In the Processing Server, we currently add jobs to the queue unconditionally, without checking whether any job is already running on the respective workspace:

self.rmq_publisher.publish_to_queue(processor_name, encoded_processing_message)

Obviously, this will create inconsistent (or at least surprising) results when another request is made for the same workspace while running a job, or if two requests are made for the same workspace before either of them is scheduled.

IMO (since everything goes through it) we can simply look up the database for effective locking. We could add a method db_has_processing_job(workspace_id) which checks whether there are any QUEUED or RUNNING jobs for that workspace.

But what happens then? Ideally, the Processing Server would itself "wait" for the workspace to become available before actually enqueuing the new job. And that of course must be atomic. And accomodate our asynchronous model.
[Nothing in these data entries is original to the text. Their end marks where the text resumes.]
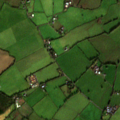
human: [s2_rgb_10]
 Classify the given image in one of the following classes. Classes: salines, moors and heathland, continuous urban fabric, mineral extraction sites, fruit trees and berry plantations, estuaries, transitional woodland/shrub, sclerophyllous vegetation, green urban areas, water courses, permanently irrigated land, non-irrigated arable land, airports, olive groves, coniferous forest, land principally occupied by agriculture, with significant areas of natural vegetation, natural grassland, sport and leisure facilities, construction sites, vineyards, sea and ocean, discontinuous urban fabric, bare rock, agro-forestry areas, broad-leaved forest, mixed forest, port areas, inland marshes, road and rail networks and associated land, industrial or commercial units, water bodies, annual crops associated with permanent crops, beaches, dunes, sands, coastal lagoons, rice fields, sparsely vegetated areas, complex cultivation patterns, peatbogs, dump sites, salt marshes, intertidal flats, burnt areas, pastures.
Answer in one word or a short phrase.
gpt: non-irrigated arable land, pastures, coniferous forest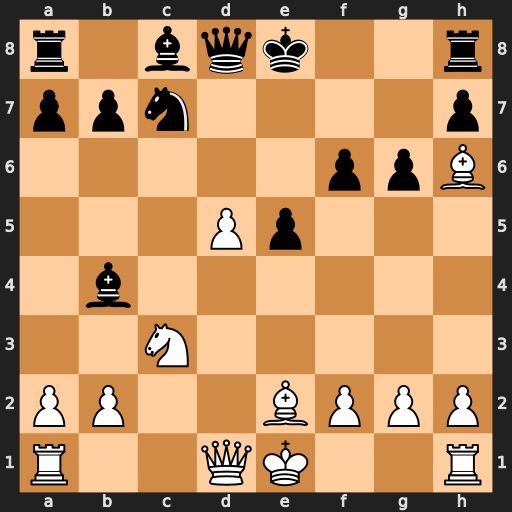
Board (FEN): r1bqk2r/ppn4p/5ppB/3Pp3/1b6/2N5/PP2BPPP/R2QK2R
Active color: w
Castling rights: KQkq
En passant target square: -
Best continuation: Qa4+ Kf7 Qxb4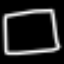
Label: square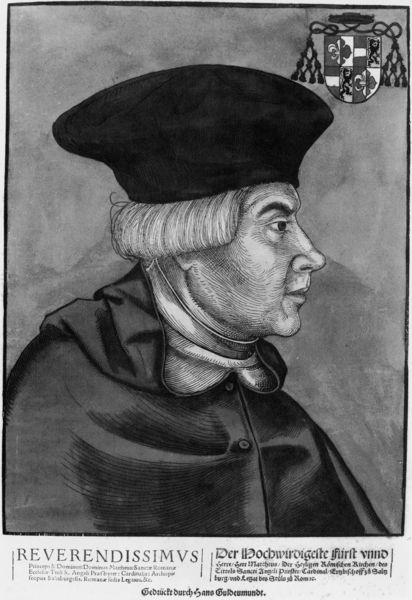
Titel: Bildnis des Mattheus Lang von Wellenburg, Kardinal, Erzbischof von Salzburg, Privatsekretär von Kaiser Maximilian I
Künstler: Erhard Schön
Institution: (Seriendruck)
Schlagwörter: kopf, mann, umhang, weiß, frisur, grau, haar, hut, mund, nase, profil, schwarz, zeichnung, blick, haube, anzug, blond, kappe, mütze, richter, augen, band, kragen, rahmen, bild, hals, portrait, porträt, auge, geistlicher, gewand, haare, halbfigur, mantel, augenbrauen, brustbild, kinn, knopf, lippen, locke, kopfbedeckung, schrift, seitlich, umrisse, halsband, graphik, linien, ernst, streng, seitenansicht, robe, deutsch, wange, augenbraue, knöpfe, druck, schwarzweiss, schraffur, radierung, stich, barrett, text, uniform, zeitung, beschriftung, kardinal, fürst, wappen, prediger, pfarrer, firsur, scwarz, mönch, heiliger, viereckig, kupferstich, beschreibung, kapuze, latein, lateinisch, reformation, habsburg, habsburger, nse, kompositwappen, fleur, elegant gelehrt, forschend alt erfahren, halblang haar neuzeit, monochrom augenbraue, name titel geknöpft, radierung ponyfrisur, referndissimus, reverendissimus, reverendissimvs, schwarz weiss lebhaft gewand, seitenansicht geistlicher  sch, titulatur frisur, vornehm anrede, wappen stirnfalten, haarfrisur, proester, hat, man, efrisur, scholar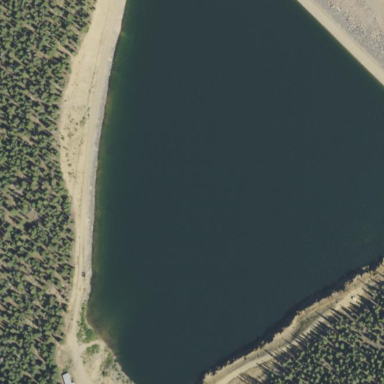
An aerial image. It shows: Reservoir of water.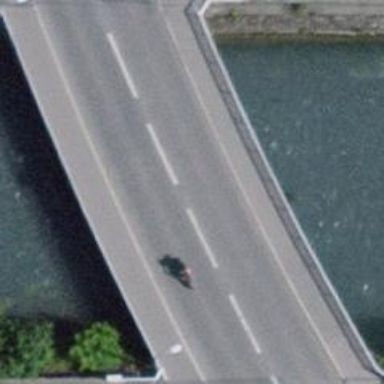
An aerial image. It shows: Beam bridge made by humans.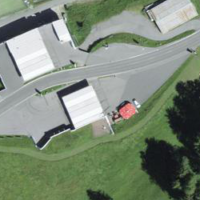
EUNIS habitat code: 26
Species observed at this site:
Arnica montana
Rupicapra rupicapra
Leontopodium nivale
Polygala vulgaris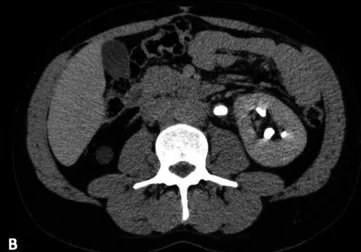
Note large mass involving the abdominal aorta; B - CT scan performed 7 months after the first examination and under treatment with corticosteroid. Note the expressive reduction of the periaortic mass.
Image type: radiology (ct)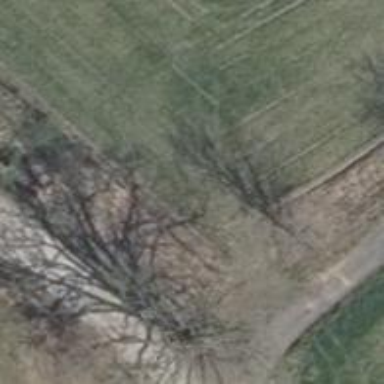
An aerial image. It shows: Row of deciduous broadleaved trees.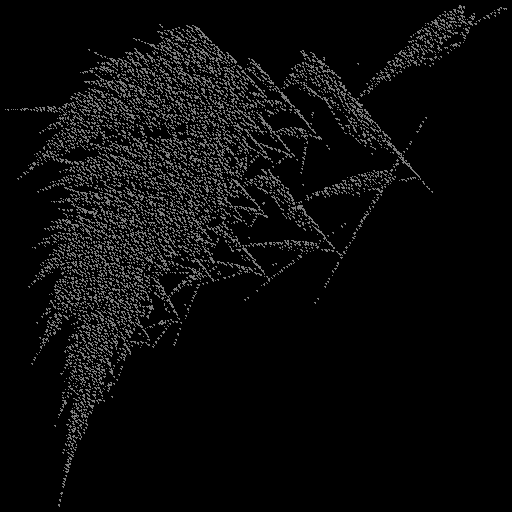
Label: turbanshell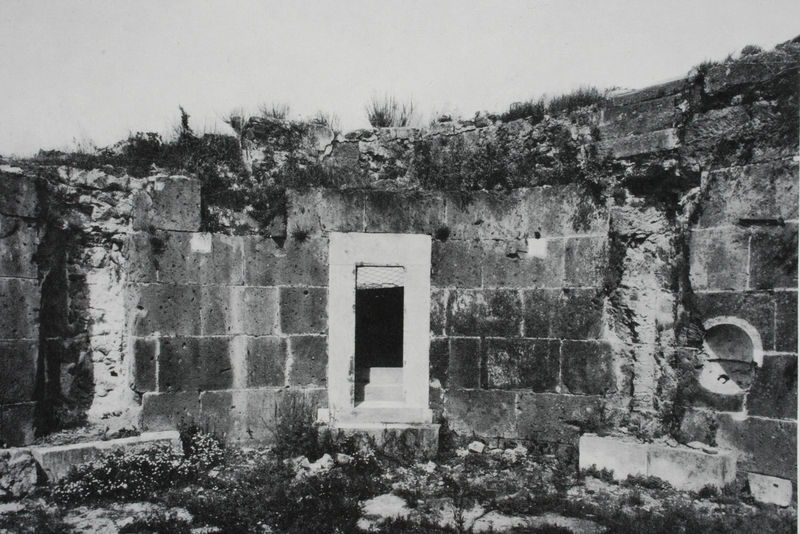
Titel: Linker Turm, Blick ins Obergeschoß vom Eingang her
Künstler: Liphantes
Standort: Capua
Institution: Brückentoranlage
Schlagwörter: himmel, schatten, weiß, wolken, landschaft, blumen, fenster, grau, licht, raum, schwarz, säule, säulen, tür, gras, wiese, alt, wand, architektur, rahmen, stein, steine, gräser, natur, büsche, sonne, sträucher, boden, innen, pflanzen, rund, ecke, fassade, mauer, ziegel, vegetation, erosion, böschung, treppe, stufe, stufen, tor, bucht, foto, fotografie, oben, photographie, eingang, fugen, nische, kanone, ruine, offen, antike, burg, festung, mauerwerk, moos, draußen, schwarz-weiss, loch, türstock, photo, fragment, gemäuer, kaputt, öffnung, bewachsen, quader, hubi, sandstein, grab, antik, zerstört, gesträuch, himel, tempel, flechte, rundung, draht, grabmal, bewuchs, nischen, wölbung, ausgrabung, mose, schmutzig, altertum, offnung, verbund, colosseum, rest, zugewachsen, archaeologie, schwaerz, runde nische, weißer türrahmen, steinm, zeigelk, schwarzeiss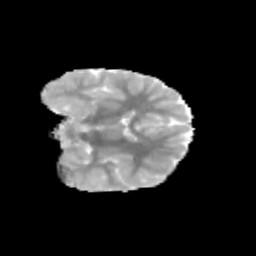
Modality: MD
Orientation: coronal
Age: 10
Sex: female
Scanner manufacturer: siemens
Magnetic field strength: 3 T
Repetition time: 3.8 s
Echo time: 0.07 s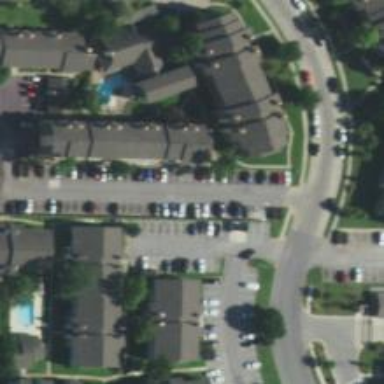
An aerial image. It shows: Living street.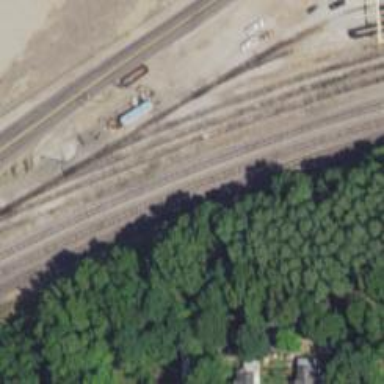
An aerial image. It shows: Railway yard.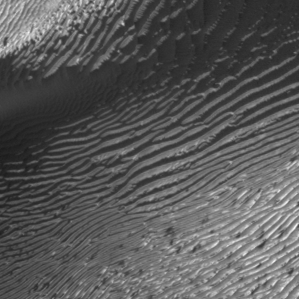
Label: frost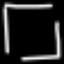
Label: square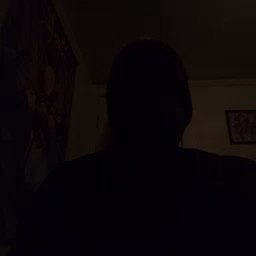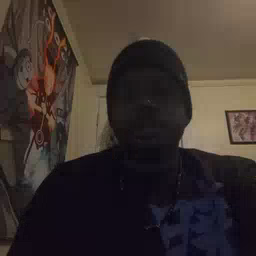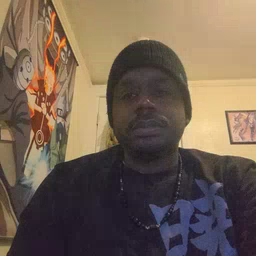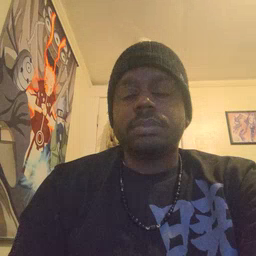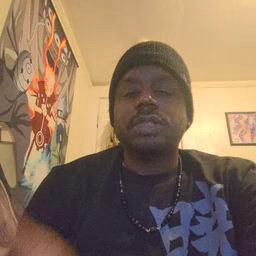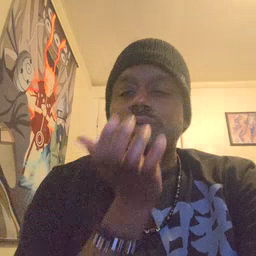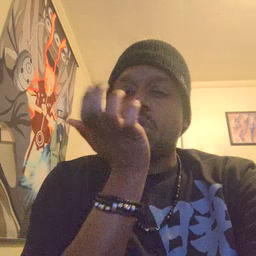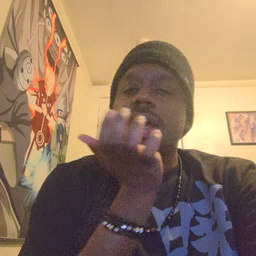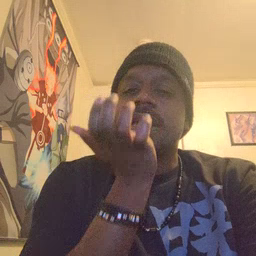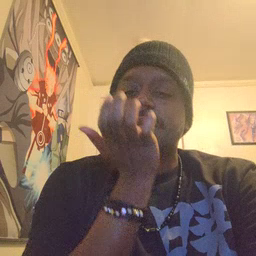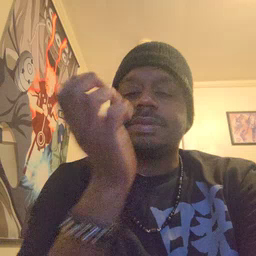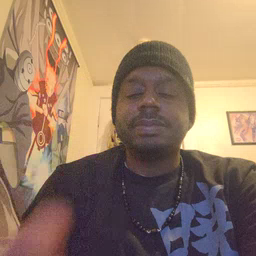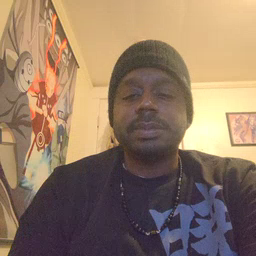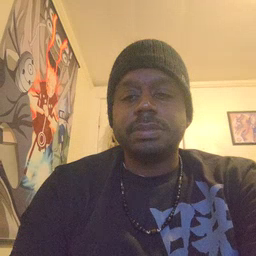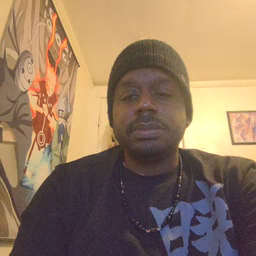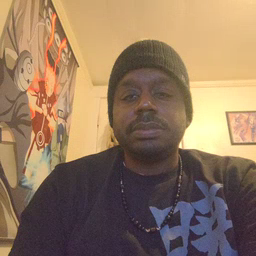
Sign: grass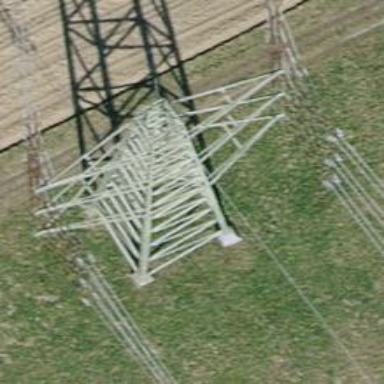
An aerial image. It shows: Power line is depicted.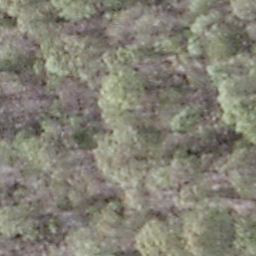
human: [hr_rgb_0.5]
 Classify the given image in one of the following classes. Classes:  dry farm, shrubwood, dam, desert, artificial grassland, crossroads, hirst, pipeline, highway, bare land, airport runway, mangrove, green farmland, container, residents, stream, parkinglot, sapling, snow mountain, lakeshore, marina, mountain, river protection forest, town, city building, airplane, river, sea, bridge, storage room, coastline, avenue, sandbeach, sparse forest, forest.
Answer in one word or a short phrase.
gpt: shrubwood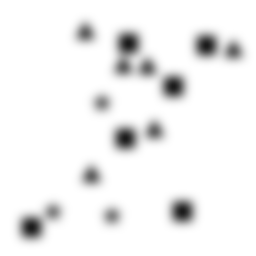
Squares: 6
Triangles: 6
Stars: 3
Total shapes: 15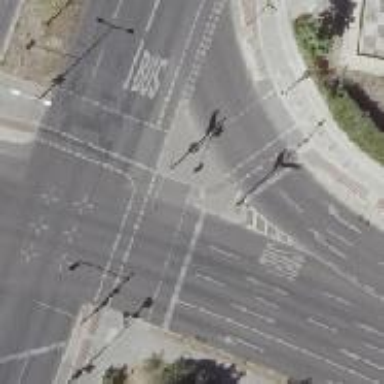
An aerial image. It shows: Crossing with traffic signals.
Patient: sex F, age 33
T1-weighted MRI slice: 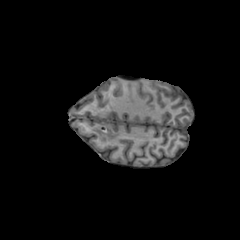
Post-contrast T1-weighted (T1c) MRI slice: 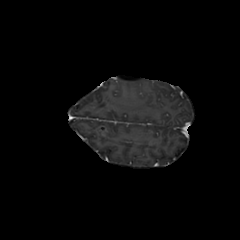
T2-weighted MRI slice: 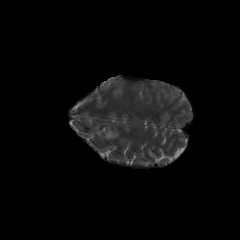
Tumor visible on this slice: no
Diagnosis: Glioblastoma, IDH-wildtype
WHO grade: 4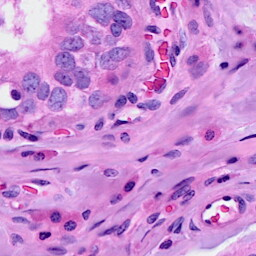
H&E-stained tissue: Breast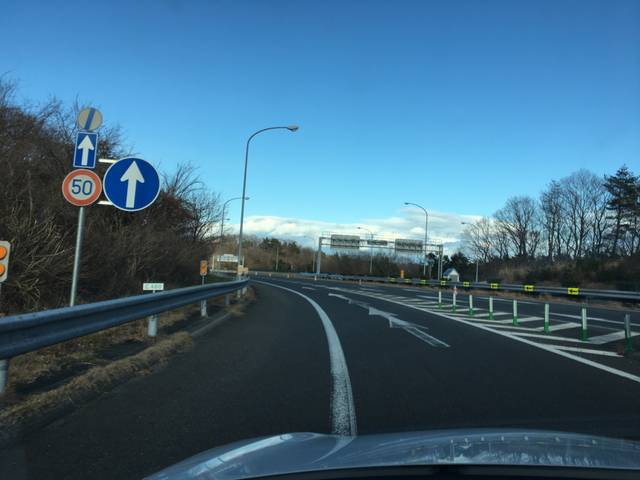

One idea would be to enqueue the job in a "hidden" queue, which only the Processing Server itself subscribes to and can be identified via the workspace ID (e.g. queue_name="workspace." + data.workspace_id). And when the Processing Worker is done, it sends the OcrdResultMessage not only to the OcrdProcessingMessage's result queue and callback URL, but to a constant unique result queue as well. That queue in turn gets subscribed to by the Processing Server, in a background thread independent of the requests. When a result message is consumed on it, the Processing Server checks if there is any "hidden" OcrdProcessingMessage for the same workspace ID, and if so, consumes it and enqueues it on the actual processor queue.

(But I think that would still not be atomic. Perhaps instead of the result queue mechanism and background thread, we should use the callback mechanism and add a regular endpoint like a DELETE to /processor/{processor_name}/{job_id} – to the Processing Server.)

What I find intriguing is the perspective that with the additional machinery, we could avoid the need to poll the job status in the Workflow Server: the latter could simply post/push all step jobs for that workspace right away, and rely on the Processing Server to ensure they are executed in order. (One still needs conditionality on success status, but that's also currently needed in the Workflow Server.)